Statement I: II B group elements are represented as only d-block elements but not transition elements

Statement II: In transition elements n, (n −1) shells are incompletely filled

Statement I and statement II are true and statement II is correct explanation of statement I

The correct answer is option 1. Statement I and statement II are true and statement II is correct explanation of statement I

Let us delve deeper into each statement and their relationship to provide a clear and detailed explanation.

Statement I: II B group elements are represented as only d-block elements but not transition elements.

The elements in Group IIB are zinc \((Zn)\), cadmium \((Cd)\), and mercury \((Hg)\). These elements have electron configurations that end in \( d^{10}s^2 \), such as:

Zinc: \([Ar] 3d^{10} 4s^2\)

Cadmium: \([Kr] 4d^{10} 5s^2\)

Mercury: \([Xe] 4f^{14} 5d^{10} 6s^2\)

These elements are part of the d-block of the periodic table because their highest energy electrons fill the d subshell. Transition elements are defined by having an incomplete d subshell either in their ground state or in one of their common oxidation states. Since the d subshells of \(Zn\), \(Cd\), and \(Hg\) are completely filled \((d^{10})\) in both their ground state and most common oxidation states, they do not meet the criteria for transition elements, which typically have partially filled d subshells.

Statement II: In transition elements, n and (n−1) shells are incompletely filled.

Transition elements are those which have an incomplete \((n-1)d\) subshell. This characteristic is what gives them their unique properties, such as variable oxidation states, the ability to form colored compounds, and paramagnetism. For transition metals, the \((n-1)d\) subshell is not completely filled, leading to electronic configurations like:

Iron (Fe): \([Ar] 3d^6 4s^2\) (incomplete 3d subshell)

Copper (Cu): \([Ar] 3d^{10} 4s^1\) (incomplete 4s subshell)

Relationship Between Statements:

Group IIB elements have a completely filled \((n-1)d^{10}\) subshell. Because the \(d\) subshell is completely filled, they do not exhibit the typical properties of transition metals, such as variable oxidation states and colored compounds, which arise from the presence of unpaired d electrons. This aligns with Statement II, which explains that having an incomplete \((n-1)d\) subshell is a defining characteristic of transition elements. Since Group \(IIB\) elements do not have this incomplete subshell, they are not considered transition elements despite being in the d-block.

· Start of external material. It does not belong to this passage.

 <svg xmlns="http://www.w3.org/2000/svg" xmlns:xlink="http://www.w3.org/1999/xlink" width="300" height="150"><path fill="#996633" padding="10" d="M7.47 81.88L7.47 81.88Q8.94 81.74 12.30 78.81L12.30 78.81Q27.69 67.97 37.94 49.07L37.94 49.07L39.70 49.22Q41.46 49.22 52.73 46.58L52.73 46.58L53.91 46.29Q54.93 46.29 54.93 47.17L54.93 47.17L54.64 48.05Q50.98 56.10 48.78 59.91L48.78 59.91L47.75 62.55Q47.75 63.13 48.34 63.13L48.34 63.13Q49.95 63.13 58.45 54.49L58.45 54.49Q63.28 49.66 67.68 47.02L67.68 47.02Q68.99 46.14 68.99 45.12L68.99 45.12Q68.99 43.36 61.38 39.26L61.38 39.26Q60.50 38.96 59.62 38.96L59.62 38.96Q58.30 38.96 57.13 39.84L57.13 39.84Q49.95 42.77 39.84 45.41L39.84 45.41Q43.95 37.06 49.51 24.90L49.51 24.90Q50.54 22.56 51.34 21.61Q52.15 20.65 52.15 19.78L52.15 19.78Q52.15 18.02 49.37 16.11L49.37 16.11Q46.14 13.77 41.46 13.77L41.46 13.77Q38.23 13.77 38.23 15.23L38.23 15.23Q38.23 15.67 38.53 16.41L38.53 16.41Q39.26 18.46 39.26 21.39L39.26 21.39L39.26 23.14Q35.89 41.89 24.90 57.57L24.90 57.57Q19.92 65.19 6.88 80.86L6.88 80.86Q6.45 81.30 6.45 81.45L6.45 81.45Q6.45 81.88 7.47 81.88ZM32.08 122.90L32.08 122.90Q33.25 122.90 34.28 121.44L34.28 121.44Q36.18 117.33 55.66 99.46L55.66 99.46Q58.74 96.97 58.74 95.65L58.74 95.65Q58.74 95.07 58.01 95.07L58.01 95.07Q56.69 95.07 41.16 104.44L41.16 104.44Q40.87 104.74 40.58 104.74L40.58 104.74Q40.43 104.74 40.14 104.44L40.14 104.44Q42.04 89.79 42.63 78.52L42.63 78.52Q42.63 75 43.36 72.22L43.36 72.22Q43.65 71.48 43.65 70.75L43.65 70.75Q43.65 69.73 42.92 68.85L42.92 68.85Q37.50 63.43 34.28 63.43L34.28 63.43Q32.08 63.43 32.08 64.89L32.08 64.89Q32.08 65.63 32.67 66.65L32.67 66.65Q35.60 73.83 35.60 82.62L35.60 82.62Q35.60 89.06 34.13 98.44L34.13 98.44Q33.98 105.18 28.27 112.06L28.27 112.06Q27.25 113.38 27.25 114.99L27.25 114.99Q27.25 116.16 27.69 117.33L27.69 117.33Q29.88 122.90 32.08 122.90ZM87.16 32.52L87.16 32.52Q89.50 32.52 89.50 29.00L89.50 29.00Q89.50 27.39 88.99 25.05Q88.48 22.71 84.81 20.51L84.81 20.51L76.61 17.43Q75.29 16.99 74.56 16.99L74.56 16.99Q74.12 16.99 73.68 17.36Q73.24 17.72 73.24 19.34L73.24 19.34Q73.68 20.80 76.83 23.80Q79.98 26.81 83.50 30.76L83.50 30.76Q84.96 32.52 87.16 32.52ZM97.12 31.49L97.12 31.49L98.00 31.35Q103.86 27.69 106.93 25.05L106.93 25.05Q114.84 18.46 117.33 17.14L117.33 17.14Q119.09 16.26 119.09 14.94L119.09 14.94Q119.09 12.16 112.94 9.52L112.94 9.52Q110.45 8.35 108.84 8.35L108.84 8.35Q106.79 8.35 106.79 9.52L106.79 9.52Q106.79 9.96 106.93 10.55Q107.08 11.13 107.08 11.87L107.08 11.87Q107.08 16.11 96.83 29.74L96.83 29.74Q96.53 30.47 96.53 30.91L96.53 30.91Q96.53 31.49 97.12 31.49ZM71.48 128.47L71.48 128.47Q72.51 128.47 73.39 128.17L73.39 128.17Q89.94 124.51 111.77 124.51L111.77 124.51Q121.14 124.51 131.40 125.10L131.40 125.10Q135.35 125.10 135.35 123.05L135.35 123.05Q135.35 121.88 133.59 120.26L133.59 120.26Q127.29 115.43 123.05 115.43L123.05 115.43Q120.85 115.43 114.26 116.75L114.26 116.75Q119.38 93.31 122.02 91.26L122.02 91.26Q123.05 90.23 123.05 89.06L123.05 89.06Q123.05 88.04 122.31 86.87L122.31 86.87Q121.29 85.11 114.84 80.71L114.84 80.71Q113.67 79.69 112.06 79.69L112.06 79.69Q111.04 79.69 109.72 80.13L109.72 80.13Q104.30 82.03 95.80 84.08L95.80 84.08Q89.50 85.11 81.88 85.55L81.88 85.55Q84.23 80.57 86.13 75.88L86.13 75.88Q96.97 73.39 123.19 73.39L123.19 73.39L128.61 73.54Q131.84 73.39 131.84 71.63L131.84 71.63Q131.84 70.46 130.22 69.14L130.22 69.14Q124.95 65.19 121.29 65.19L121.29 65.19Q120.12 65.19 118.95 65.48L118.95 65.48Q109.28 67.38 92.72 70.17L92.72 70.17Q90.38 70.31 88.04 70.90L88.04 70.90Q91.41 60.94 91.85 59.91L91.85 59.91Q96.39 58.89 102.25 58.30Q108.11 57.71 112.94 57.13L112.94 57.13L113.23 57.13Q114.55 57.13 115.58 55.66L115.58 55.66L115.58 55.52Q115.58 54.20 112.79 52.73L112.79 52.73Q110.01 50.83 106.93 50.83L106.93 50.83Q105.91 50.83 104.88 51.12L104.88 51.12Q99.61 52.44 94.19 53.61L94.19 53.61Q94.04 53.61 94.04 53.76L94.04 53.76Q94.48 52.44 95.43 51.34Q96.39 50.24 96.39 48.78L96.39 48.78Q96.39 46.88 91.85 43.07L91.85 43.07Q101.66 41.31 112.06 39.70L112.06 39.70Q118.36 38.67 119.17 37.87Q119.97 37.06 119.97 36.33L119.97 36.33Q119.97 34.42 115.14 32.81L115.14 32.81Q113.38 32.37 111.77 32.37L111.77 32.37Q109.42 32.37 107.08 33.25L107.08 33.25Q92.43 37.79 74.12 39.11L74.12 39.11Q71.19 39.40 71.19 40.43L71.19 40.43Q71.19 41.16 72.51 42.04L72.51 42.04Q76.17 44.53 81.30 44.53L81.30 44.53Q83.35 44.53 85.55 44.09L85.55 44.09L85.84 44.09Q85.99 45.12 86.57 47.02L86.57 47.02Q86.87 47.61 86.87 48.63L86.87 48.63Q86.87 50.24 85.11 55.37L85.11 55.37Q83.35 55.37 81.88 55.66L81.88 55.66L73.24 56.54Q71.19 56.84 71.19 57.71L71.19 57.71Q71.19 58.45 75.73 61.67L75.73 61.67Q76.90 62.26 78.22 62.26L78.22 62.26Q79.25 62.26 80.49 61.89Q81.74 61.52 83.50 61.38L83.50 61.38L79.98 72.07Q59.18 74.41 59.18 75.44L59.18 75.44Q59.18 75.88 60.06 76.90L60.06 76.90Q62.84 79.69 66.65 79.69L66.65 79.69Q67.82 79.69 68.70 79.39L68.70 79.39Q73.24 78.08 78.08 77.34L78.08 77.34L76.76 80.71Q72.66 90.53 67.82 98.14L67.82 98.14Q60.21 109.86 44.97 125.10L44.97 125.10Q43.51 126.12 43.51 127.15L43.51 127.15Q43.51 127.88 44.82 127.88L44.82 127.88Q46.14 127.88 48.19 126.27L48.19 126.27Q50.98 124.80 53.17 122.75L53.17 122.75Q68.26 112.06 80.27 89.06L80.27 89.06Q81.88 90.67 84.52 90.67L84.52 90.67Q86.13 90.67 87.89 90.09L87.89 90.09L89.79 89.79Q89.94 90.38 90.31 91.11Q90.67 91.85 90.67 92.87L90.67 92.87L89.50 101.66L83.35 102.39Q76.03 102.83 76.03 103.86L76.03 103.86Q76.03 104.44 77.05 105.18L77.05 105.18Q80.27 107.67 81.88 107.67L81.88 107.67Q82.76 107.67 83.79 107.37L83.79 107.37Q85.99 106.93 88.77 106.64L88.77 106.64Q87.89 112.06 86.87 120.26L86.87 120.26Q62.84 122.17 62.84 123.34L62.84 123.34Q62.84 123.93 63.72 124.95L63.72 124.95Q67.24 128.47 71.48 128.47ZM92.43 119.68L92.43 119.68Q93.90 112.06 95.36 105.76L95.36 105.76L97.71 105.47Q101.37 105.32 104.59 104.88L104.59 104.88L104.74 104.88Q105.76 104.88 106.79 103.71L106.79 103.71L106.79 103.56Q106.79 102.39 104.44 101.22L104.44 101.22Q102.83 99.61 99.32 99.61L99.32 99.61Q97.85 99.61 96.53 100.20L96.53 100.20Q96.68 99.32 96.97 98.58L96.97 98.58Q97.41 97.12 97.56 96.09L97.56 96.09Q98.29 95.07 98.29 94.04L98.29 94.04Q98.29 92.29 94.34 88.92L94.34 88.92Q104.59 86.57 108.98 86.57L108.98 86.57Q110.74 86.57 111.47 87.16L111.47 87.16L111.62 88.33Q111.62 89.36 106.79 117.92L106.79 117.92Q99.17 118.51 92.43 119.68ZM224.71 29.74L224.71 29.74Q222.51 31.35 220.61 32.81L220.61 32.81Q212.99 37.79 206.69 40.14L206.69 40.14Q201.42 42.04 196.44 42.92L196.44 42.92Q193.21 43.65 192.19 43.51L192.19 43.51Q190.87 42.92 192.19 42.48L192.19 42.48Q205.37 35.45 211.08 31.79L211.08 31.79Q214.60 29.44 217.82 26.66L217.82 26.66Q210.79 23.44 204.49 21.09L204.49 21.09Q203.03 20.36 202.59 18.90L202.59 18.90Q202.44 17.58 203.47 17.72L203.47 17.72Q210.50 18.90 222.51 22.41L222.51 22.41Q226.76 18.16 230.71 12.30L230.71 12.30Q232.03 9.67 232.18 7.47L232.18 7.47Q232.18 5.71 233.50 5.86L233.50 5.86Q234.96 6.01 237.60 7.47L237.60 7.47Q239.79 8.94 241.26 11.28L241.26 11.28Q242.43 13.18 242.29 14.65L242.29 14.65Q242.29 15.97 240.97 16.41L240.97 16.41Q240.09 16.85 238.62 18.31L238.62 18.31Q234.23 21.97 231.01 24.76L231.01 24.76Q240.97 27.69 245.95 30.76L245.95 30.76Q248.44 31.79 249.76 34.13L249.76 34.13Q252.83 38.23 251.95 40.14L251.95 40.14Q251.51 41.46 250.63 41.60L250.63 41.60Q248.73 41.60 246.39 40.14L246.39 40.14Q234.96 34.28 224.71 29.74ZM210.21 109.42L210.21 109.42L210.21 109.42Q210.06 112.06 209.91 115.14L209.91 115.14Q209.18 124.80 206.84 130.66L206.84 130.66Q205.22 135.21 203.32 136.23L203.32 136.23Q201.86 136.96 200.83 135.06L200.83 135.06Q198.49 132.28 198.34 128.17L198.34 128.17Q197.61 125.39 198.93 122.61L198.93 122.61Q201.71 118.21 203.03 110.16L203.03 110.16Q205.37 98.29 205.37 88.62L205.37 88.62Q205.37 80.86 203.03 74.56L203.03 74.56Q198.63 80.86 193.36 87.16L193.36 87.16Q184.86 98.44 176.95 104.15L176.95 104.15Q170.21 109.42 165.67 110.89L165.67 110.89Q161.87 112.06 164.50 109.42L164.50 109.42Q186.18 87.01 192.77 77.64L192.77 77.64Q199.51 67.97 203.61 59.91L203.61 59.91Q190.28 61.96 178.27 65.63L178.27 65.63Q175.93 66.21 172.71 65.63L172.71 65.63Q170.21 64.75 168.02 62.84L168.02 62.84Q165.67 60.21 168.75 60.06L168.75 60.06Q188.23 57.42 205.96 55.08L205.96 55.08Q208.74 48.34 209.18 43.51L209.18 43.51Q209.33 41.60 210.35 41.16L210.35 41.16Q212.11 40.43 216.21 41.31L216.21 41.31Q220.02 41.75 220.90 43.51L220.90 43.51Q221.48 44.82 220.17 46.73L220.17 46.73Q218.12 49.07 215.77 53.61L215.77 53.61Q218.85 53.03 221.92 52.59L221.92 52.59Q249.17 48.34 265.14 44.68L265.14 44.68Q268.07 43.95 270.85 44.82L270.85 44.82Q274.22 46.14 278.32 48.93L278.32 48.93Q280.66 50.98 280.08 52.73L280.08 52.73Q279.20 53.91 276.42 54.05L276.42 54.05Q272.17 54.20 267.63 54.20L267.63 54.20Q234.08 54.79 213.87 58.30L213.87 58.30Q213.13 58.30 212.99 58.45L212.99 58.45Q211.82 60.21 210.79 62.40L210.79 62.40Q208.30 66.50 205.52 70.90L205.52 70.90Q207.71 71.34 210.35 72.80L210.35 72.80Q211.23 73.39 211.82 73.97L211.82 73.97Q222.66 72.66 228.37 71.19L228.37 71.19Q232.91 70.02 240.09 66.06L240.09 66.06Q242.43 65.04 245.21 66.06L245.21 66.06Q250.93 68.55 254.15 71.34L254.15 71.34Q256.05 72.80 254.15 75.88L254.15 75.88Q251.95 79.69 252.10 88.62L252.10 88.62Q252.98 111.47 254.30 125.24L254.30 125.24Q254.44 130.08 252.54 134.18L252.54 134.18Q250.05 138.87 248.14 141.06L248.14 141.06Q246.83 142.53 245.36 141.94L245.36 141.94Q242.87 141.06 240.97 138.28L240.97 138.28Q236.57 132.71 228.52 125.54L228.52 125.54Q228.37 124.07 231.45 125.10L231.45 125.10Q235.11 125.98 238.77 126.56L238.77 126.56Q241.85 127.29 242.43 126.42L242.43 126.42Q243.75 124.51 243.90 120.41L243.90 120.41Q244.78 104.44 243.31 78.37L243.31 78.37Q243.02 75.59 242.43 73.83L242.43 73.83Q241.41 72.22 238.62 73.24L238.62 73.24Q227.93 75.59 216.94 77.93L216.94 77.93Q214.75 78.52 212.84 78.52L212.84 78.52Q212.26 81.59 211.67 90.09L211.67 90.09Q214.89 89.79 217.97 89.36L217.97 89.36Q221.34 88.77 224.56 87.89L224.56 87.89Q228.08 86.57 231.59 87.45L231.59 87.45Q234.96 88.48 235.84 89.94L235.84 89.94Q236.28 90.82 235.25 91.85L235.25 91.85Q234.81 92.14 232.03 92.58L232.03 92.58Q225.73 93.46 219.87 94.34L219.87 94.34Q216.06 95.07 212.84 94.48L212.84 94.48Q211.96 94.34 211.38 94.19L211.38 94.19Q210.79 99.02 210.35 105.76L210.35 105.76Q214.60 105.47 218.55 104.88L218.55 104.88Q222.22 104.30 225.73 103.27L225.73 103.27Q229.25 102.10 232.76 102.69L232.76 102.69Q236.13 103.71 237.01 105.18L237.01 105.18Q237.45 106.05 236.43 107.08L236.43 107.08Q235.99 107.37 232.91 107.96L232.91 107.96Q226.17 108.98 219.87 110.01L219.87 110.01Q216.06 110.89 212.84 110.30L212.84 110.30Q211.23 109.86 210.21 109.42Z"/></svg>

Statement II explains the fundamental property that distinguishes transition metals: an incomplete \((n-1)d\) subshell. This directly explains why Group IIB elements (which have a filled \((n-1)d\) subshell) are not considered transition elements, even though they are in the d-block. The complete filling of the \((n-1)d\) subshell in Group IIB elements means they do not display the characteristic behavior of transition metals, thus fulfilling the criteria set out in Statement II.

Statement II is the correct explanation of Statement I: The reason Group IIB elements are not classified as transition elements is precisely due to the criterion described in Statement II. The filled \((n-1)d^{10}\) subshell in Group IIB elements means they lack the defining characteristic of transition elements (an incomplete \((n-1)d\) subshell).

Thus, the correct interpretation is: Statement I and Statement II are true, and Statement II is the correct explanation of Statement I.